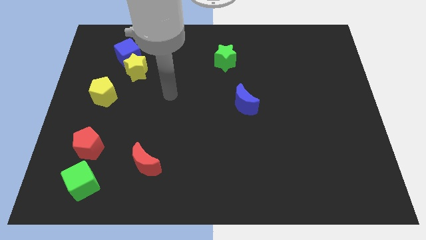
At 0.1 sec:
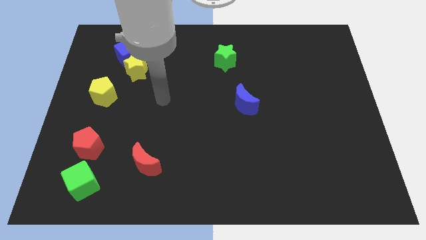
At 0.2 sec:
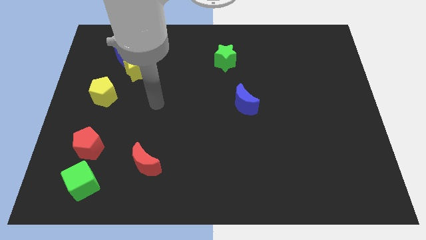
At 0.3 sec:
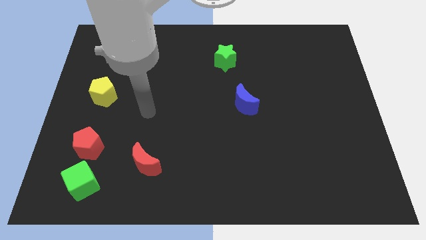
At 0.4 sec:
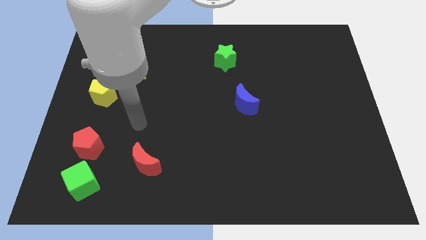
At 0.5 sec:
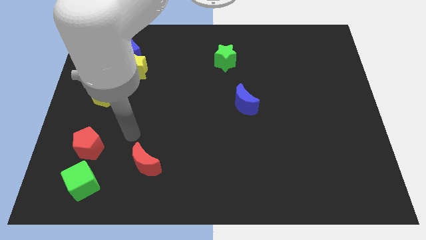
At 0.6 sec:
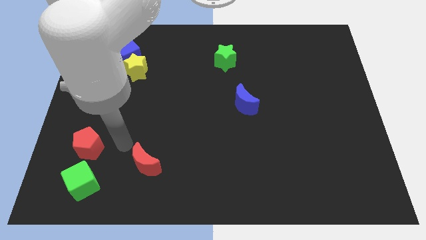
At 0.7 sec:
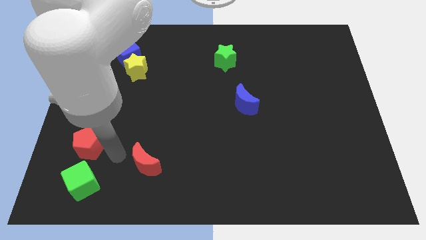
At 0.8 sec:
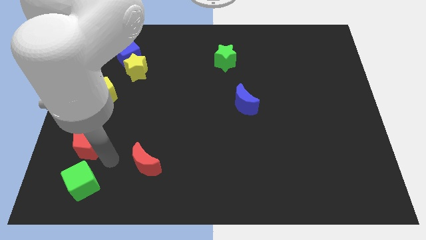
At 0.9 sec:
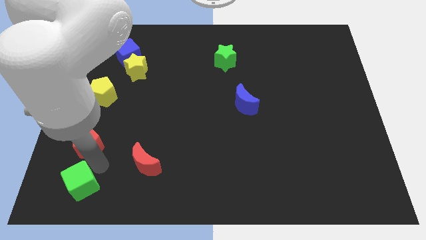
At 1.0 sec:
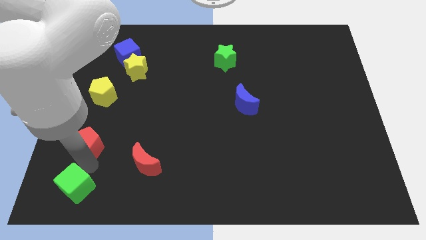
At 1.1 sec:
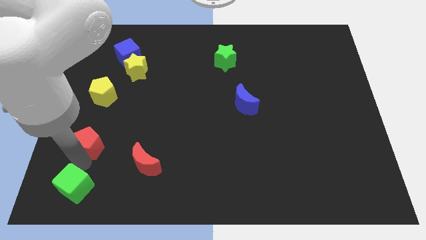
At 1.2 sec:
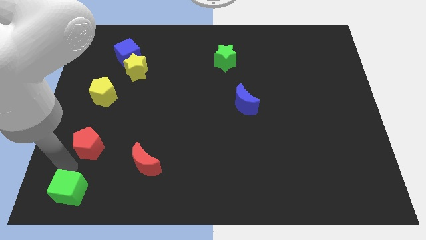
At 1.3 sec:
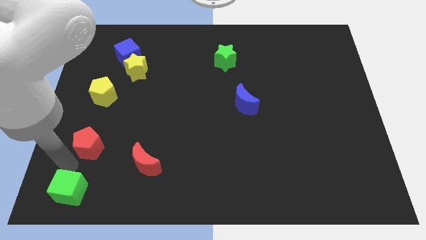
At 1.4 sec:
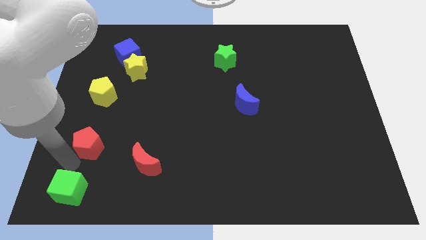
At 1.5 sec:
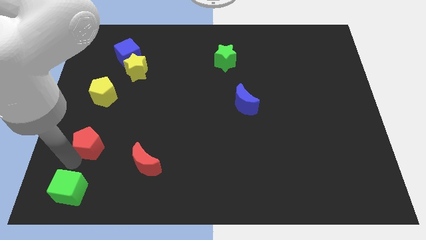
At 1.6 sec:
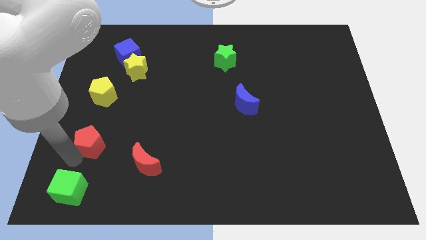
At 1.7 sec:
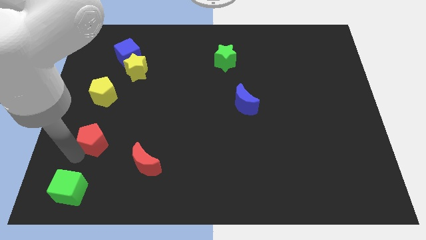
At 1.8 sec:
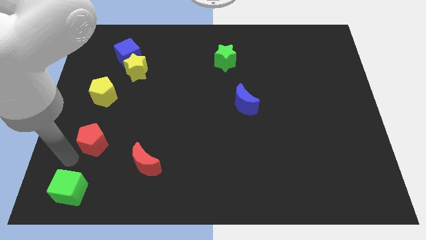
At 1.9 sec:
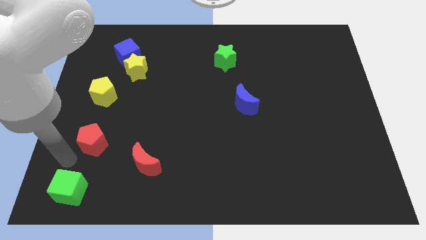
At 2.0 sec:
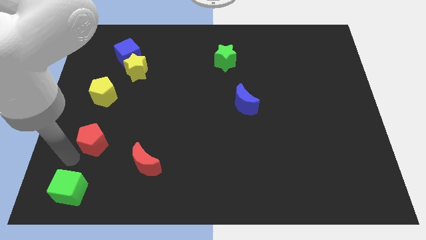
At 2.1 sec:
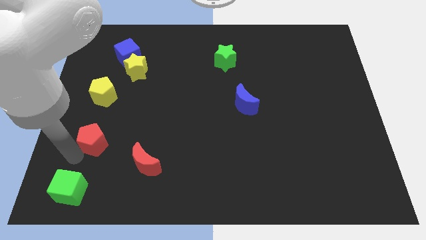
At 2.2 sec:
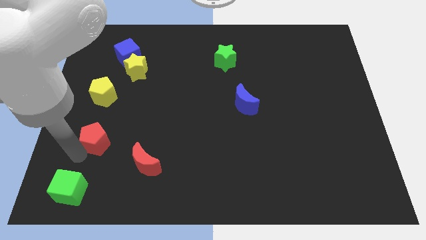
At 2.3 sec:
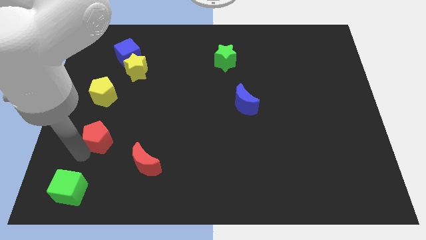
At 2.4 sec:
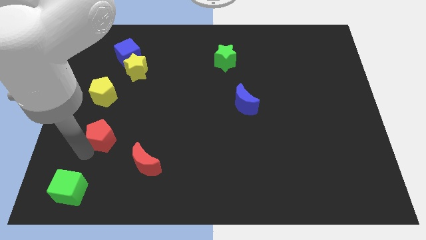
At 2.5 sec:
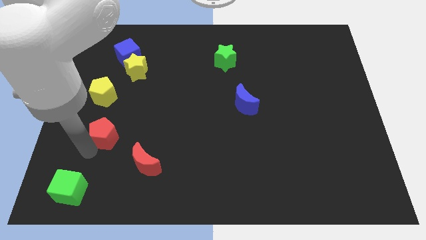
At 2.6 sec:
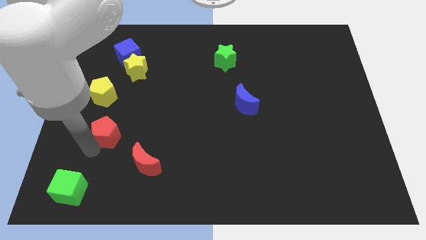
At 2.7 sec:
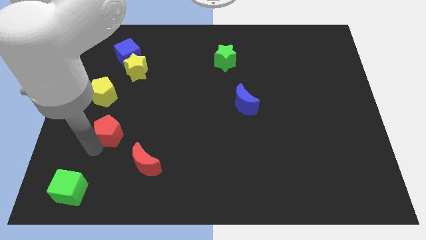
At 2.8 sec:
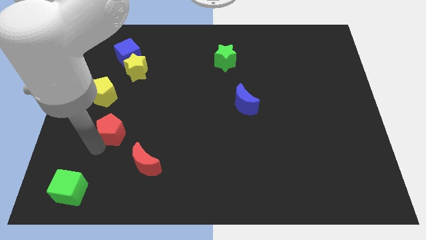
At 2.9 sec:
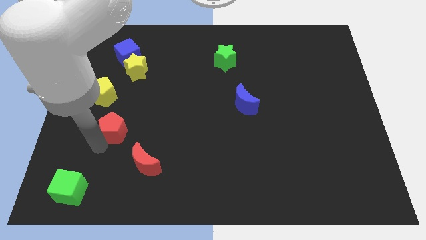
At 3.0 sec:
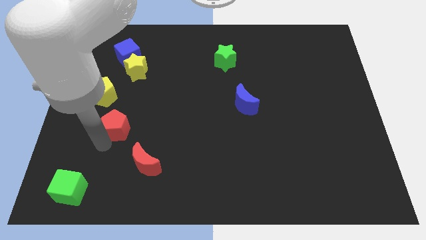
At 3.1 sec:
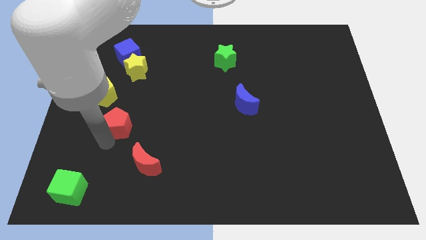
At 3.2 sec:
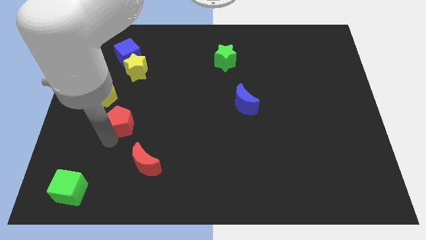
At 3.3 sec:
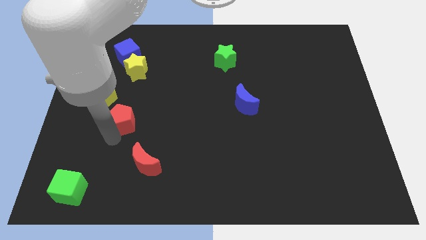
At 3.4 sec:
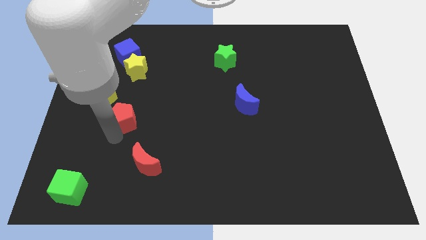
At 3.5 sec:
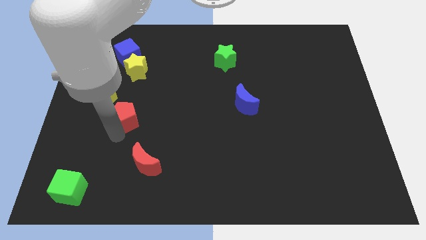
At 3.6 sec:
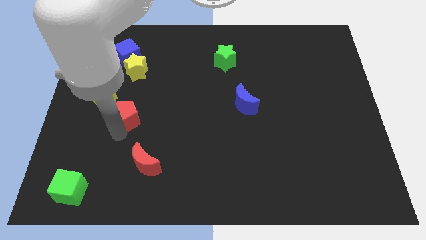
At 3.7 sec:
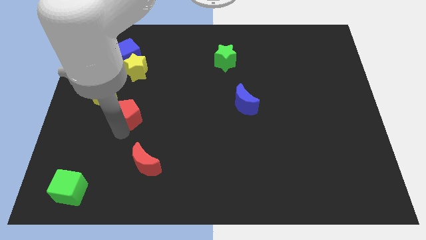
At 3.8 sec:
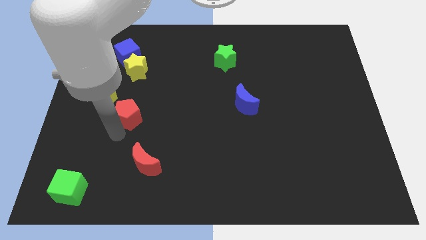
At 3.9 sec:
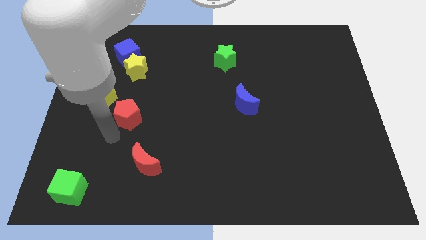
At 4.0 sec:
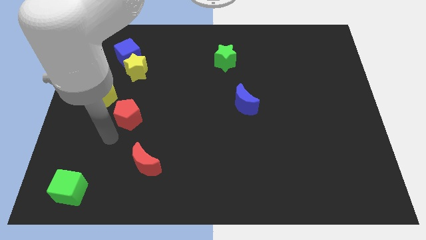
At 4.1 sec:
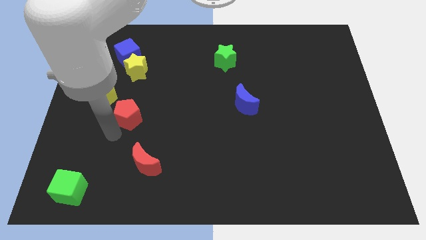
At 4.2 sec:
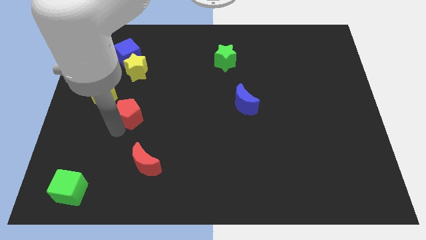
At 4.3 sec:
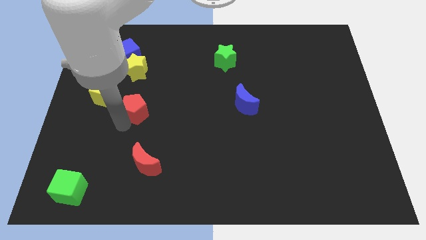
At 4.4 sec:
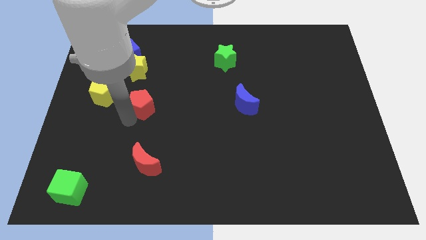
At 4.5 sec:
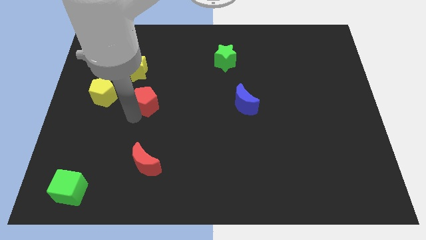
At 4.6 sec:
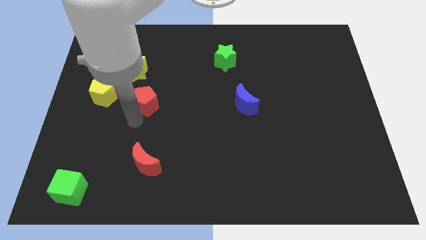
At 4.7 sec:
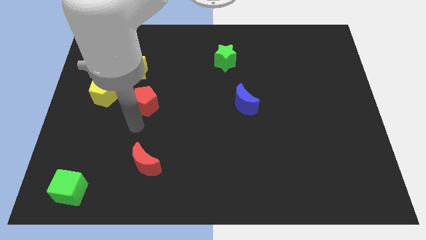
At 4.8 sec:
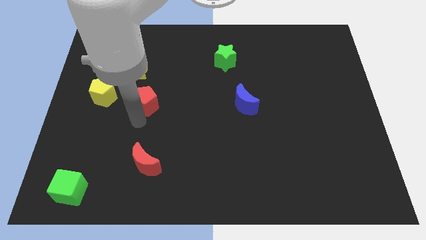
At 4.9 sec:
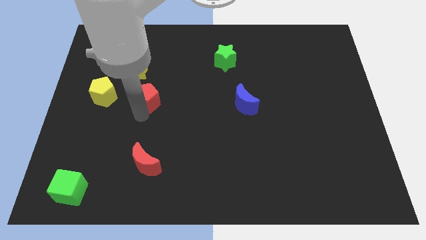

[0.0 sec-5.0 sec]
push the red pentagon diagonally down and to the right of the yellow star

◆ TASK PROMPT ◆
Although the records above contain pictures, output every line exactly and leave the pictures out.

◆ THE COMPLETED TASK ◆
At 0.1 sec:
At 0.2 sec:
At 0.3 sec:
At 0.4 sec:
At 0.5 sec:
At 0.6 sec:
At 0.7 sec:
At 0.8 sec:
At 0.9 sec:
At 1.0 sec:
At 1.1 sec:
At 1.2 sec:
At 1.3 sec:
At 1.4 sec:
At 1.5 sec:
At 1.6 sec:
At 1.7 sec:
At 1.8 sec:
At 1.9 sec:
At 2.0 sec:
At 2.1 sec:
At 2.2 sec:
At 2.3 sec:
At 2.4 sec:
At 2.5 sec:
At 2.6 sec:
At 2.7 sec:
At 2.8 sec:
At 2.9 sec:
At 3.0 sec:
At 3.1 sec:
At 3.2 sec:
At 3.3 sec:
At 3.4 sec:
At 3.5 sec:
At 3.6 sec:
At 3.7 sec:
At 3.8 sec:
At 3.9 sec:
At 4.0 sec:
At 4.1 sec:
At 4.2 sec:
At 4.3 sec:
At 4.4 sec:
At 4.5 sec:
At 4.6 sec:
At 4.7 sec:
At 4.8 sec:
At 4.9 sec:

[0.0 sec-5.0 sec]
push the red pentagon diagonally down and to the right of the yellow star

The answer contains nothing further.